En el salón principal hay una mesa y sillas rojas de diseño, pero nunca he sabido reconocer los materiales. Aquí todo parece de plástico. Hay lamparitas y sillones y una pantalla plana colgada como un cuadro. Todo parece tan moderno y frágil que te extraña que lo haya podido pagar una mileurista. Eva toca un botón en un mando a distancia y se comienza a oír algo que parece de Wagner. Todas las paredes excepto una son rojas, rojo intenso como de pintalabios. En la pared que no es roja, hay una foto, un poster que cubre toda la pared. Es el rostro de una chica joven.
Eva me ve extrañado y dice:
– ¿Te gusta?
– Sí, tienes un piso…
– Digo la foto – me interrumpe.
– Ah… bueno…
– Nos gusta la… Quería que en una de las paredes hubiese un rostro bonito.
La tez de la chica que cubre toda la pared es una de esas caras que no parecen humanas, tan bella y andrógina como imaginas a los extraterrestres con una inteligencia superior o las ninfas. Una cara blanca y redonda con boquita de piñón y nariz pequeña y ojos grandes y azules, todo enmarcado por una melena naranja.

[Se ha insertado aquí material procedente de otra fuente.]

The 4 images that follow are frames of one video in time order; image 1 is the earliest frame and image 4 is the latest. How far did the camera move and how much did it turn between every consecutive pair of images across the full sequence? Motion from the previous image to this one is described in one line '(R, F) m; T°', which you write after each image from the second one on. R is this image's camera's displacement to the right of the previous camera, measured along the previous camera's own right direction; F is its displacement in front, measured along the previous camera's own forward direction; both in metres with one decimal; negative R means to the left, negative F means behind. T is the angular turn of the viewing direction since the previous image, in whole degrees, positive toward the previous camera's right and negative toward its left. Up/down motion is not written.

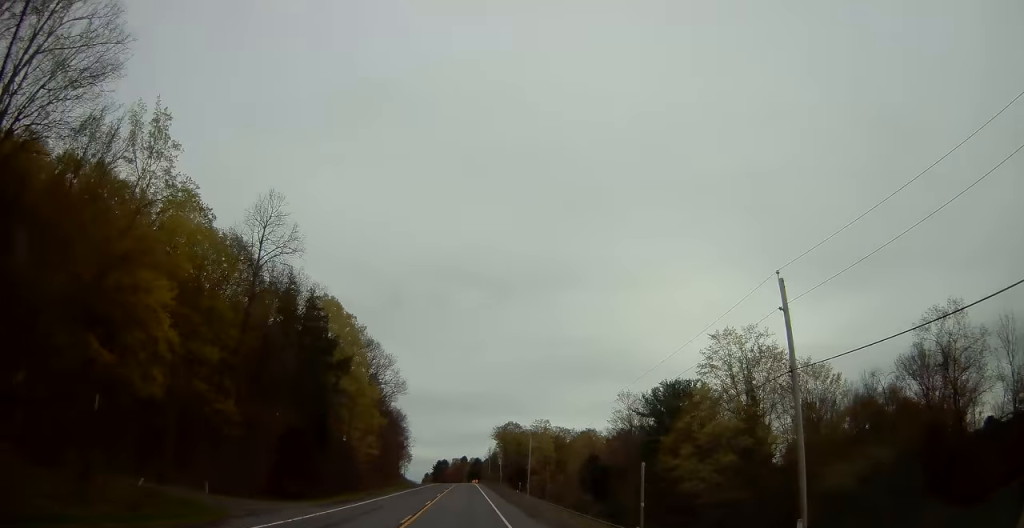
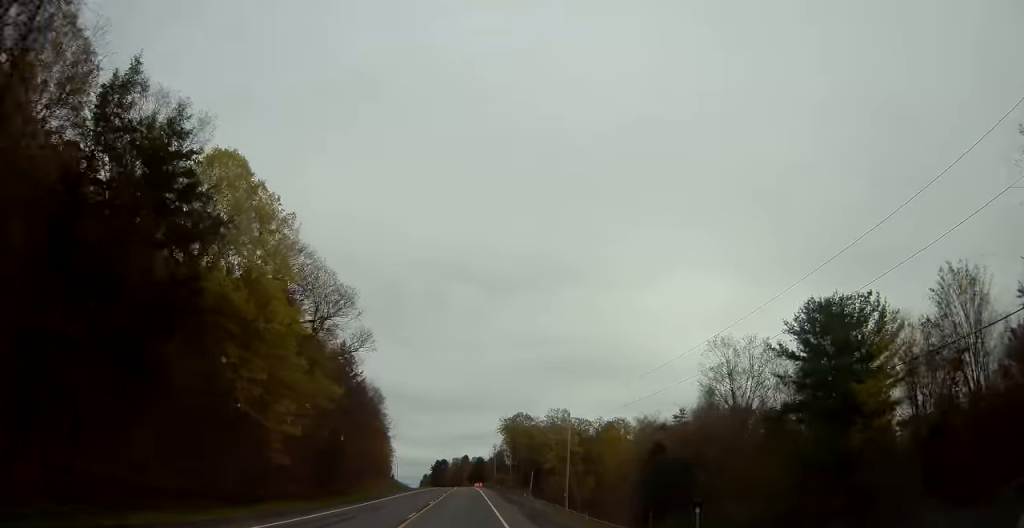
(+0.3, +34.3) m; 0°
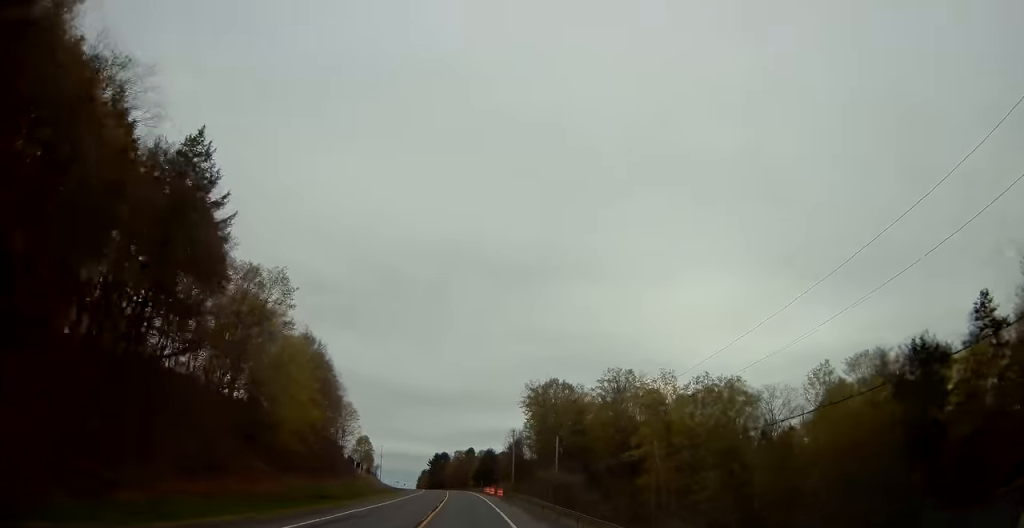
(-0.4, +60.0) m; -1°
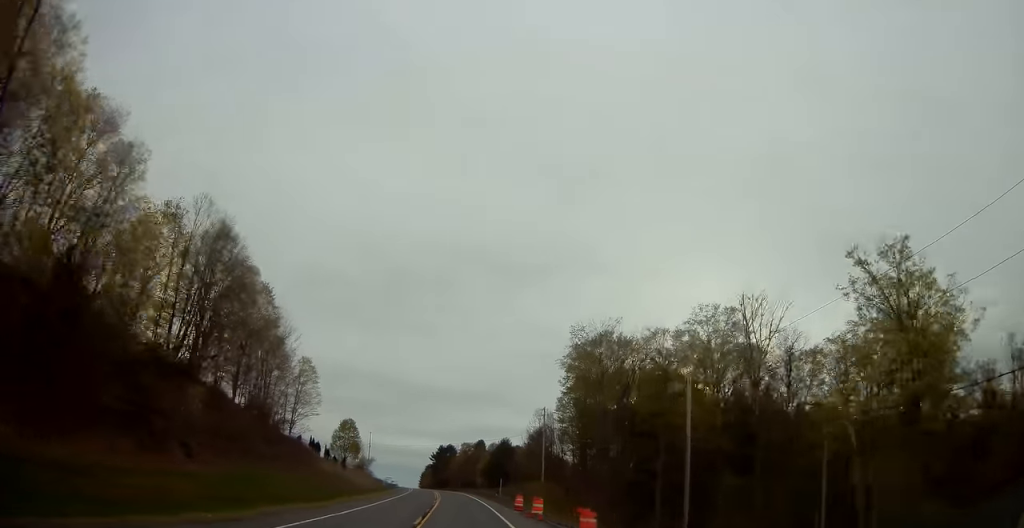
(-0.3, +37.8) m; -1°

– No es que sea lesbiana ni nada de eso – dice Eva -, es que verla me transmite paz. Es una modelo. Vimos… vi su foto en una revista.
Supongo que del mismo modo en que una esvástica te produce malas sensaciones, una cara en una foto puede hacerte sentir paz. Es el poder de las imágenes, pienso, no estoy con alguien al uso. Me cuesta apartar la vista de esa pared. Esa chica. Seguro que por lo demás es demasiado delgada y enfermiza, no se puede tener todo.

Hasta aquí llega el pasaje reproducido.